The rules for completing the challenge are as follows:

$$1$$. Each time Alice jumps a hurdle, jump power $$P$$ of Alice reduces by the height of the hurdle.

$$2$$. Every even minute all the remaining hurdles having even heights will decay and their heights reduce by $$1$$ and every odd minute all the remaining hurdles having odd heights will decay and their heights reduce by $$1$$.

Initially, time $$T = 0$$ minute. It takes $$1$$ minute for Alice to reach to the next hurdle and the time taken to jump a hurdle can be considered to be negligible.

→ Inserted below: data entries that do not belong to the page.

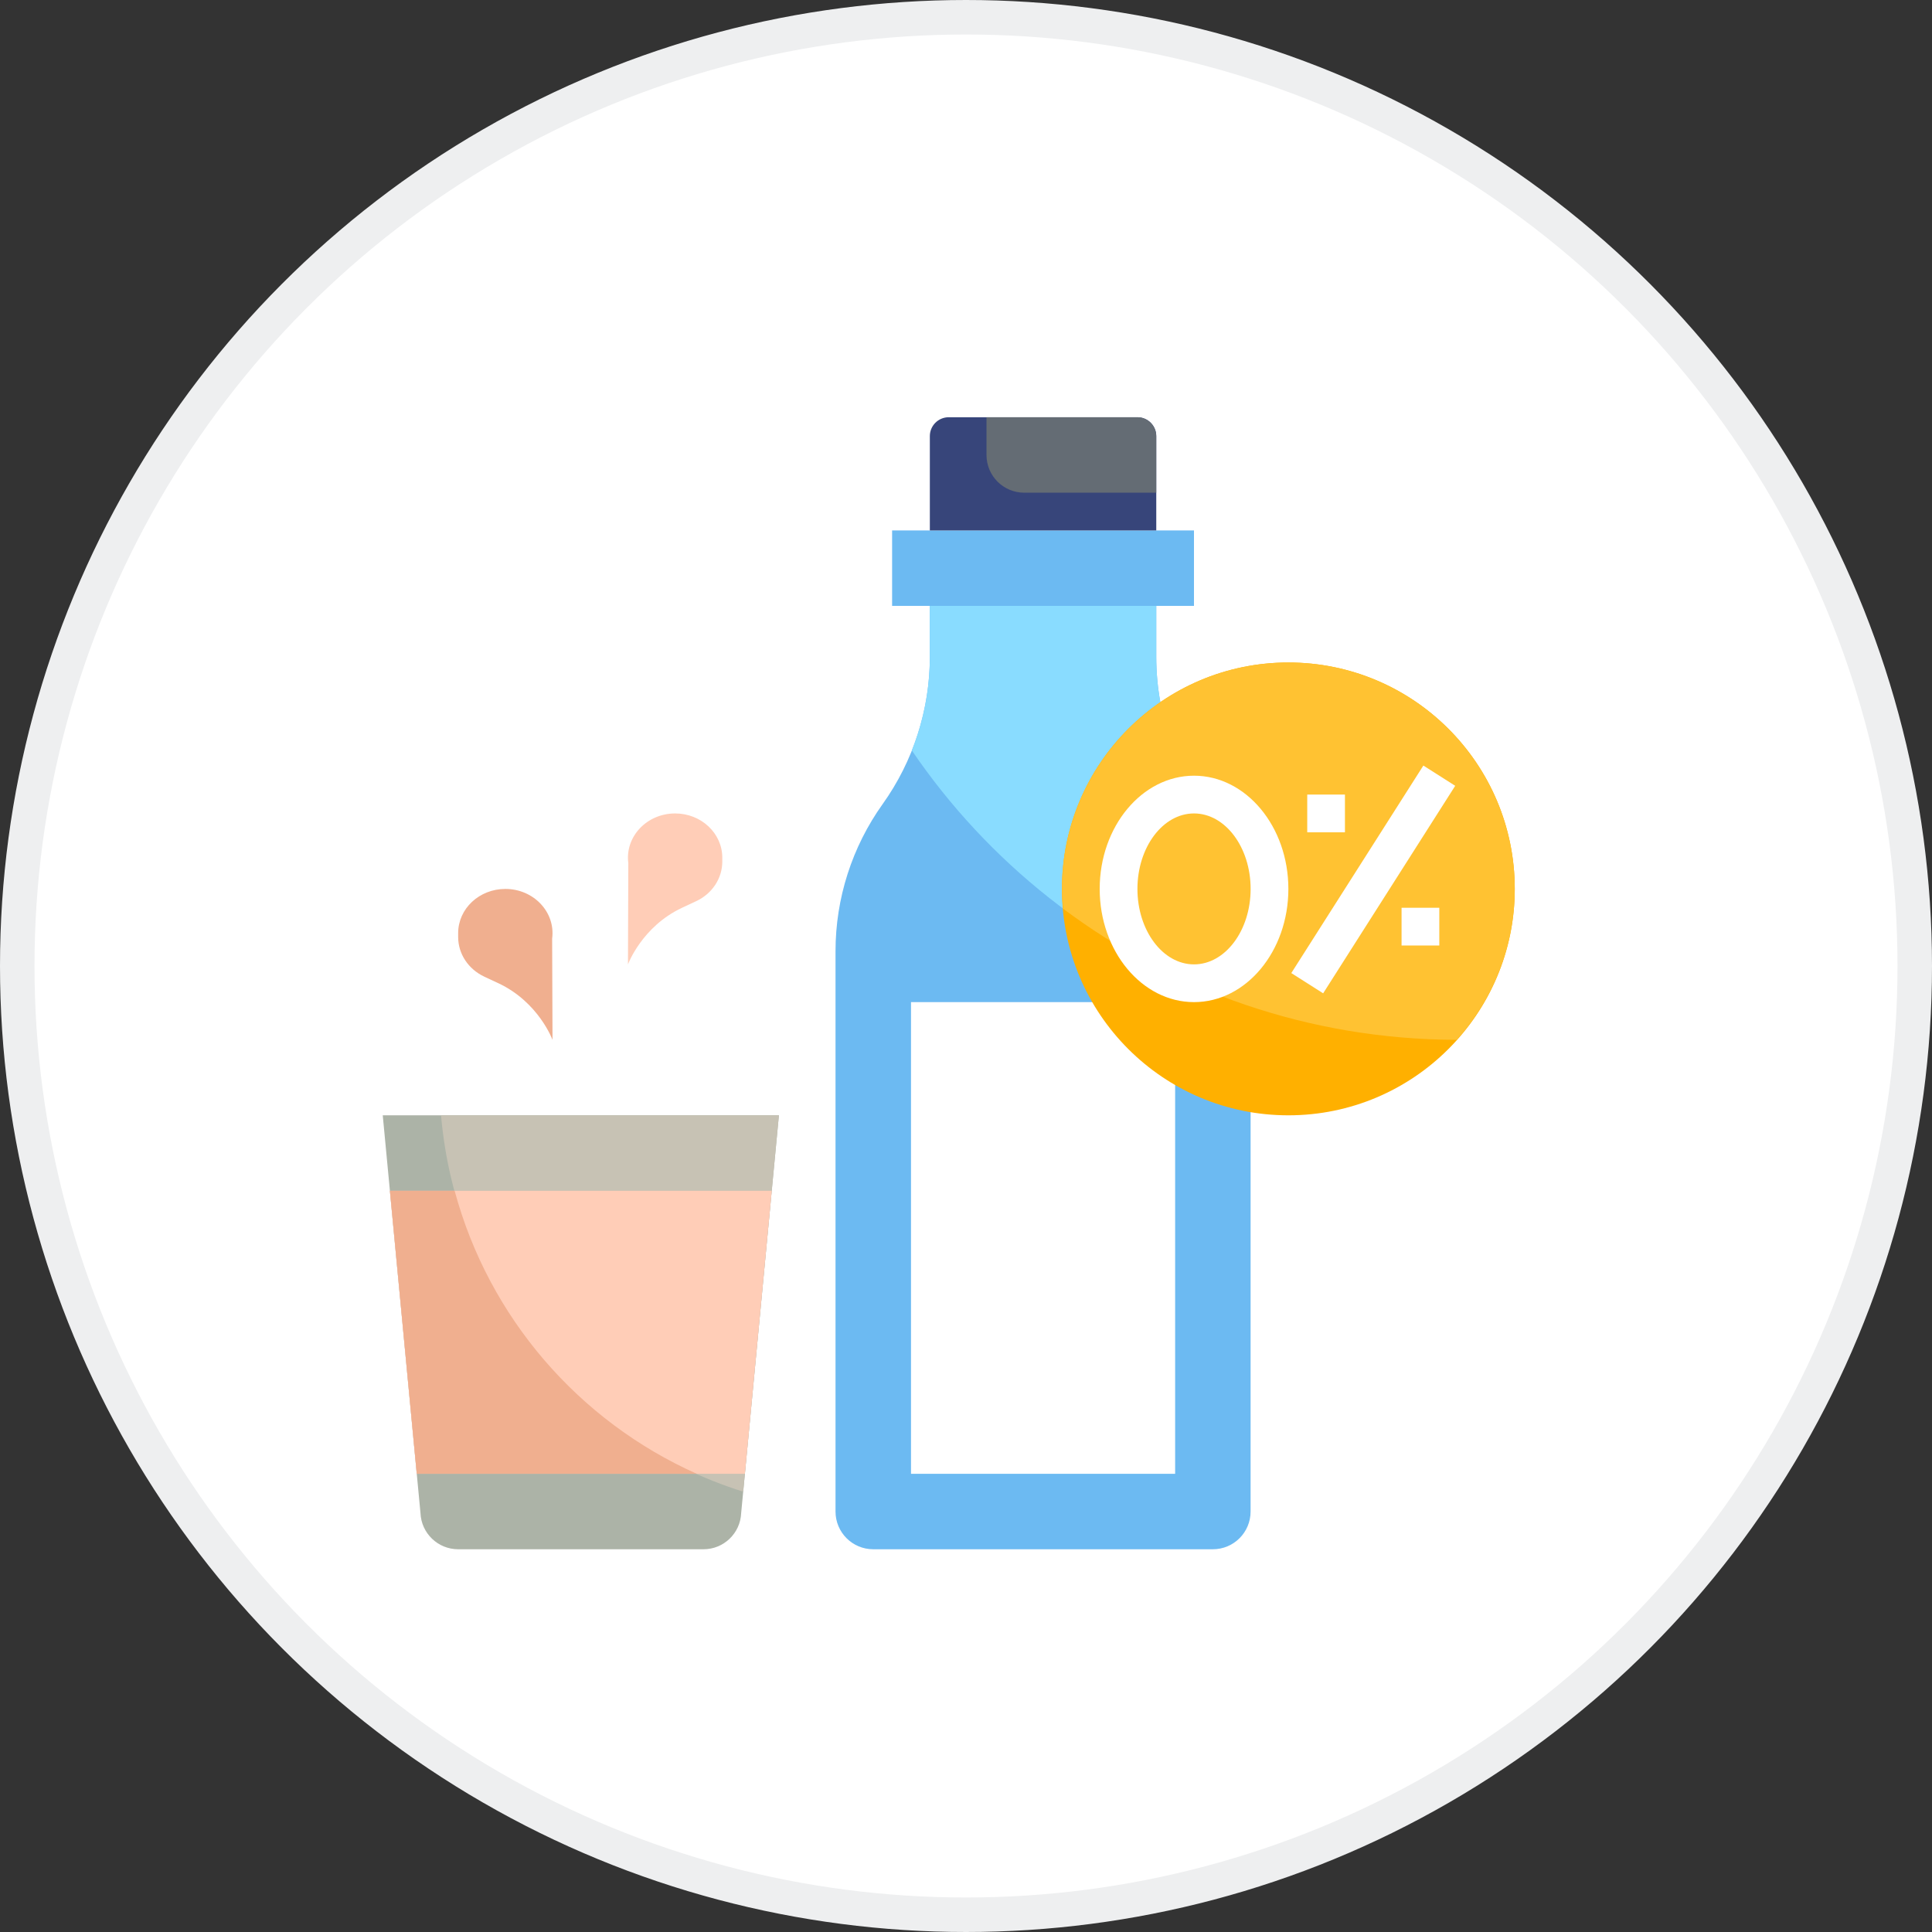 <?xml version="1.0" encoding="UTF-8"?>
<svg xmlns="http://www.w3.org/2000/svg" width="56" height="56" viewBox="0 0 56 56" fill="none">
  <rect x="0" y="0" width="56" height="56" fill="#333333" stroke="none"/>
  <circle cx="28" cy="28" r="27.5" fill="white" stroke="#EEEFF0"></circle>
  <path d="M36.249 32.237V43.812C36.249 44.417 35.76 44.906 35.155 44.906H25.311C24.707 44.906 24.218 44.417 24.218 43.812V27.571C24.218 26.041 24.696 24.549 25.585 23.305C26.474 22.06 26.952 20.568 26.952 19.038V17.562H33.515V19.038C33.515 19.482 33.555 19.922 33.633 20.353L36.249 32.237Z" fill="#6CBAF2"></path>
  <path d="M34.062 31.45V42.719H26.406V29.047H34.062V31.45Z" fill="white"></path>
  <path d="M33.633 20.353C33.554 19.922 33.514 19.482 33.514 19.038V17.562H26.952V19.038C26.952 19.974 26.771 20.893 26.43 21.752C28.631 24.988 31.799 27.512 35.518 28.913L33.633 20.353Z" fill="#89DCFF"></path>
  <path d="M37.344 32.328C40.968 32.328 43.906 29.39 43.906 25.766C43.906 22.141 40.968 19.203 37.344 19.203C33.719 19.203 30.781 22.141 30.781 25.766C30.781 29.39 33.719 32.328 37.344 32.328Z" fill="#FFB000"></path>
  <path d="M43.906 25.766C43.906 22.142 40.968 19.203 37.344 19.203C33.72 19.203 30.781 22.142 30.781 25.766C30.781 25.958 30.794 26.147 30.81 26.335C33.995 28.718 37.946 30.131 42.226 30.14C43.267 28.978 43.906 27.448 43.906 25.766Z" fill="#FFC232"></path>
  <path d="M34.608 15.375H25.858V17.562H34.608V15.375Z" fill="#6CBAF2"></path>
  <path d="M33.515 15.375V12.641C33.515 12.339 33.27 12.094 32.968 12.094H27.499C27.197 12.094 26.952 12.339 26.952 12.641V15.375H33.515Z" fill="#37457A"></path>
  <path d="M11.094 32.328L12.188 43.858C12.212 44.444 12.694 44.906 13.28 44.906H20.391C20.977 44.906 21.459 44.444 21.483 43.858L22.577 32.328H11.094Z" fill="#ACB3A7"></path>
  <path d="M21.542 43.237L22.577 32.328H12.784C13.228 37.477 16.771 41.74 21.542 43.237Z" fill="#C7C2B4"></path>
  <path d="M16.015 30.141C16.015 30.141 15.613 29.047 14.447 28.5L14.036 28.308C13.573 28.09 13.28 27.646 13.28 27.161V27.047C13.28 26.339 13.892 25.766 14.648 25.766C15.47 25.766 16.106 26.442 16.004 27.207L16.015 30.141Z" fill="#F0AF8F"></path>
  <path d="M18.202 27.953C18.202 27.953 18.604 26.859 19.77 26.312L20.181 26.12C20.644 25.903 20.936 25.459 20.936 24.973V24.86C20.936 24.152 20.324 23.578 19.569 23.578C18.747 23.578 18.111 24.254 18.212 25.019L18.202 27.953Z" fill="#FFCDB7"></path>
  <path d="M22.369 34.516H11.301L12.079 42.719H21.591L22.369 34.516Z" fill="#FFCDB7"></path>
  <path d="M13.178 34.516H11.302L12.08 42.719H20.197C16.777 41.193 14.168 38.19 13.178 34.516Z" fill="#F0AF8F"></path>
  <path d="M34.609 22.484C33.102 22.484 31.875 23.956 31.875 25.766C31.875 27.575 33.102 29.047 34.609 29.047C36.117 29.047 37.344 27.575 37.344 25.766C37.344 23.956 36.117 22.484 34.609 22.484ZM34.609 27.953C33.705 27.953 32.969 26.972 32.969 25.766C32.969 24.559 33.705 23.578 34.609 23.578C35.514 23.578 36.25 24.559 36.25 25.766C36.25 26.972 35.514 27.953 34.609 27.953Z" fill="white"></path>
  <path d="M41.257 22.19L37.429 28.205L38.352 28.792L42.18 22.777L41.257 22.19Z" fill="white"></path>
  <path d="M41.719 26.312H40.625V27.406H41.719V26.312Z" fill="white"></path>
  <path d="M38.984 23.031H37.891V24.125H38.984V23.031Z" fill="white"></path>
  <path d="M33.514 12.641C33.514 12.339 33.27 12.094 32.968 12.094H28.594V13.188C28.594 13.792 29.083 14.281 29.688 14.281H33.514V12.641Z" fill="#646C74"></path>
</svg>

Alice has to complete the challenge starting from the first hurdle to the last hurdle, left to right, sequentially.

If $$P < 0$$ at any moment, Alice cannot move further. Find out if Alice can complete the challenge?

Input Format

The first line of the input contains $$T$$, the total number of test cases.

The second line of the input contains two space-separated integers $$N$$ and $$P$$, the total number of hurdles and the total jump power value.

The next line contains $$N$$ space-separated integers $$H_i$$, the heights of each hurdle.

Output Format

For each test case, if it is possible for Alice to complete the challenge, print $$Yes$$ and the remaining value of jump power $$P$$ or $$No$$ if it is not possible.

Constraints

\(1 \le T \le 10\)

\(1 \le N \le 10^5\)

\(1 \le P \le 10^{15}\)

\(1 \le H_i \le 10^9\)